[HN Gopher] Show HN: Matrix Multiplication with Half the Multipl...
___________________________________________________________________
Show HN: Matrix Multiplication with Half the Multiplications
Author : emacs28
Score : 199 points
Date : 2024-03-15 10:36 UTC (12 hours ago)
(HTM) web link (github.com)
(TXT) w3m dump (github.com)
| halflings wrote:
| This looks pretty cool! What's the catch? e.g. why isn't this
| already implemented in accelerators, is it really just a
| forgotten algorithm, or this has some implications on the cost of
| building the accelerator or else?
| emacs28 wrote:
| IMHO, for fixed-point MM accelerators, there is no catch, I
| think it's an overlooked algorithm. It's based on an algorithm
| by Winograd who coincidentally also proposed another unrelated
| algorithm that later became very popular for CNN acceleration
| which would take some visibility away from this other algorithm
| by Winograd... But that is speculative
| yorwba wrote:
| On the other hand, if you tried it with floating point, you'd
| lose significant digits. Since the approach is to sum (a[i] +
| b[i+1])(a[i+1] + b[i]) and subtract the sums of a[i]a[i+1]

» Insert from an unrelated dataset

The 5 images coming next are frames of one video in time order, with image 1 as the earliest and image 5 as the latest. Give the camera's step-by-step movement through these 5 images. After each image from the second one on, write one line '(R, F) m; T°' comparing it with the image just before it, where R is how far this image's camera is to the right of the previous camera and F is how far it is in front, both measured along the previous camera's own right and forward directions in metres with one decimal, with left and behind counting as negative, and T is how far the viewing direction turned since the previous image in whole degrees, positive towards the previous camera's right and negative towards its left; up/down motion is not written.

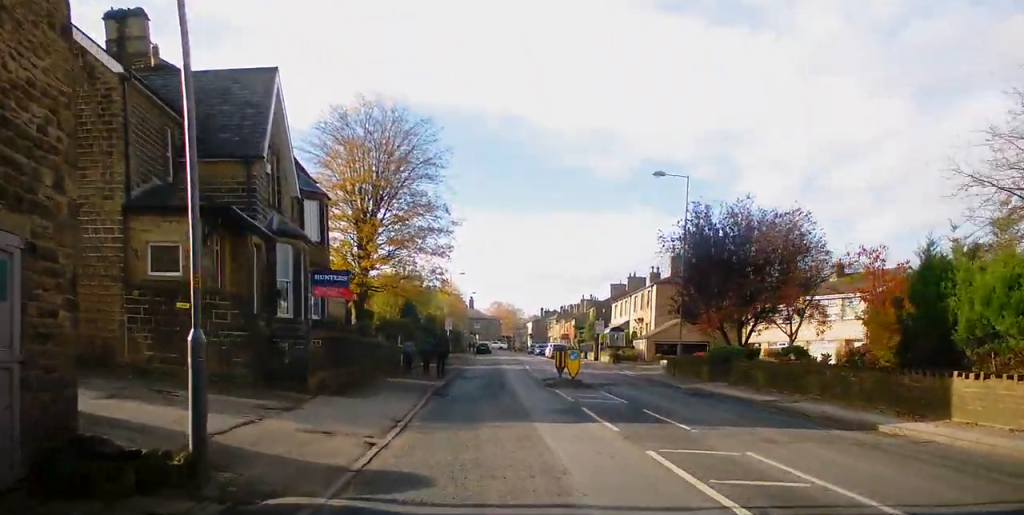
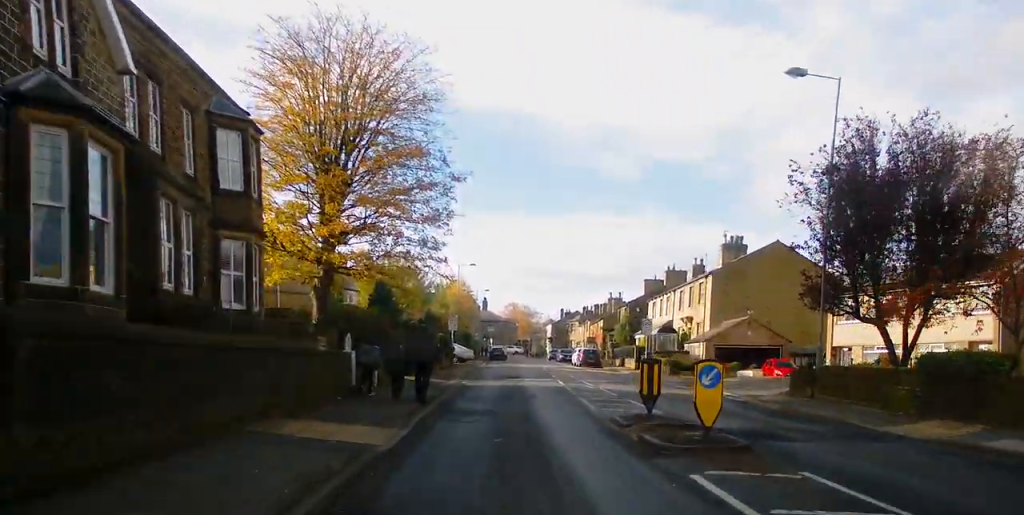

| and b[i]b[i+1] in the end to get a[i]b[i] + a[i+1]b[i+1], you
| may be taking the difference of two large values to get a
| small value, losing precision.
| tmp8086 wrote:
| Here's a matrix multiplication using Winograd's algorithm
| (that you describe), implemented in Go (very small code):
|
| https://bugfix-66.com/983cb3a3a37dbe8e82edea6298988f03d2a1a
| 4...
| OJFord wrote:
| LLM hype and this submission in particular keep making me
| think of a lecturer I had for _Topics in Large Dimensional
| Data Processing_ , circa 2016: as I recall he was
| enthusiastically adamant that the most important thing,
| breakthroughs etc., in years/decades to come was going to be
| faster matrix operations. Anyway, I'm pretty sure I recognise
| FIP (not FFIP of course) from that course.
|
| I wish I could remember his name, I believe he left academia
| after my year and went to work in industry, I'd just be
| curious to see what he's up to now. I'm not saying it was a
| particularly novel or prescient comment/attitude, we may not
| have had quite such ML hype but certainly 'big data' was all
| the rage at the time, it's just something that's stuck in my
| mind. One of those areas I always meant to study more, just
| realistically probably never had the mathematical chops for
| and certainly those I did have atrophied.
| bee_rider wrote:
| Maybe I'm joking, but: our society is just a vehicle for
| economics at this point, our economy is built around
| science, our science has mostly been turned into
| observations about engineering, some time ago we changed
| all of engineering into differential equations, and
| differential equations can be solved by discretizing them
| and doing linear algebra, and most of linear algebra can be
| done with matrix multiplications (triangular solves and
| orthonormalizations if you are fancy). All you need is
| matmul.
| OJFord wrote:
| > our science has mostly been turned into observations
| about engineering
|
| You may be joking but that in particular seems pretty
| astute.
|
| Superficially it seems accurate, and reasonably
| ascribable to economic forces, fewer concentrations of
| capital in people (aristocrats) spending it on a hobby
| interest or academic pursuit of their own - today's
| equivalents mostly prefer philanthropy (Musk is, I
| suppose, for whatever else you might think of him, a
| notable exception - preferring to explore space, AI, etc.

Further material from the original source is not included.